La nuit s’est levée. Doucement je reprends mon ascension des rues. Des gens sont assis sur les pas de porte et discutent au milieu d’enfants qui jouent au ballon. Ça doit leur faire de ces mollets ! Je resserre un peu ma chemise autour de ma taille. Je l’ai prise au cas où, on ne sait jamais. Pourtant, personne ne me prête attention. Je n’ai pas été dérangée une seule fois depuis que je suis arrivée ici.
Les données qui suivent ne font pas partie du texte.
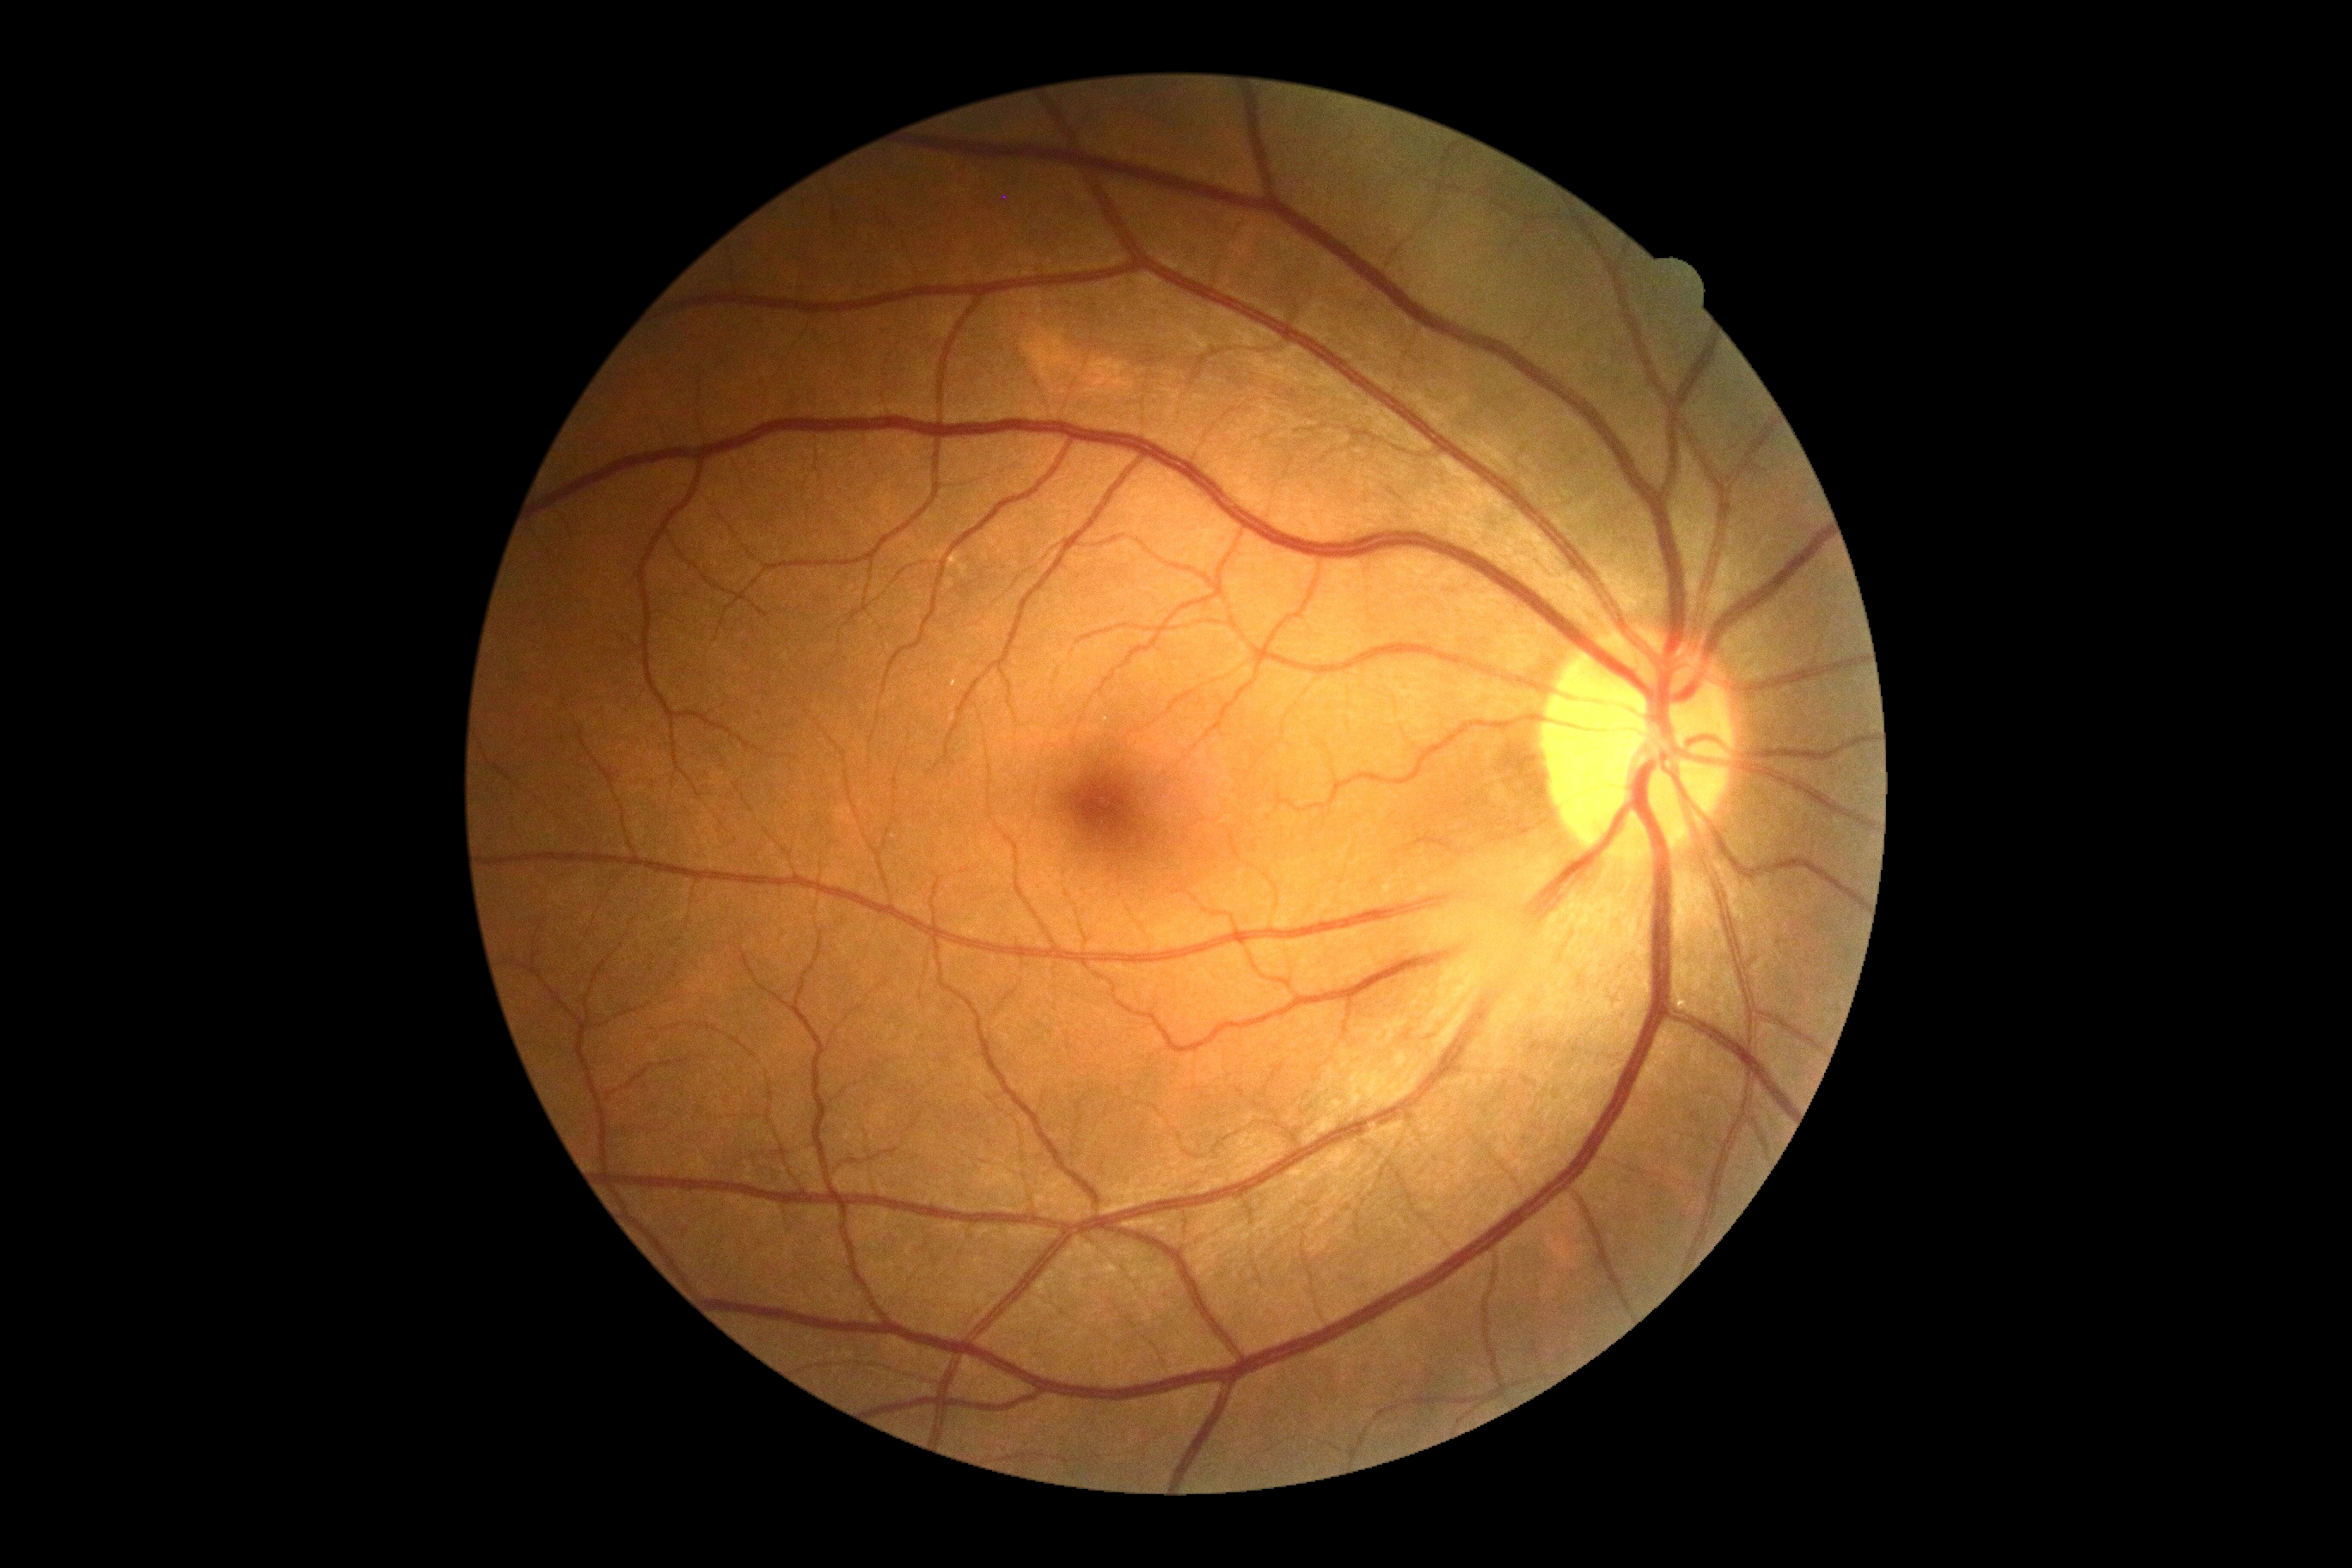
retinopathy grade: no apparent diabetic retinopathy (0).

Au contraire, toutes les personnes que j’ai croisées ont été aimables avec moi. Alors certes, je me fonds dans la masse des touristes, mais je commence à comprendre ce qu’Anna veut dire. Le citron, ce n’est pas si mauvais et ce n’est pas parce que je suis une femme que le monde est forcément une menace pour moi. J’ai le droit de vivre. Je PEUX voyager seule. Mes yeux se posent sur le nom de la rue à ma droite : “Calçada da Patriarcal” autrement dit “Trottoir patriarcal”. Je prends la plaque en photo et l’envoie à Victoire avant de m'engouffrer dans le passage. Ça la fera sourire. Je souris et crie intérieurement : “Tremble Patriarcat ! Les vacances commencent !”



Limão, une nouvelle de Chloé T.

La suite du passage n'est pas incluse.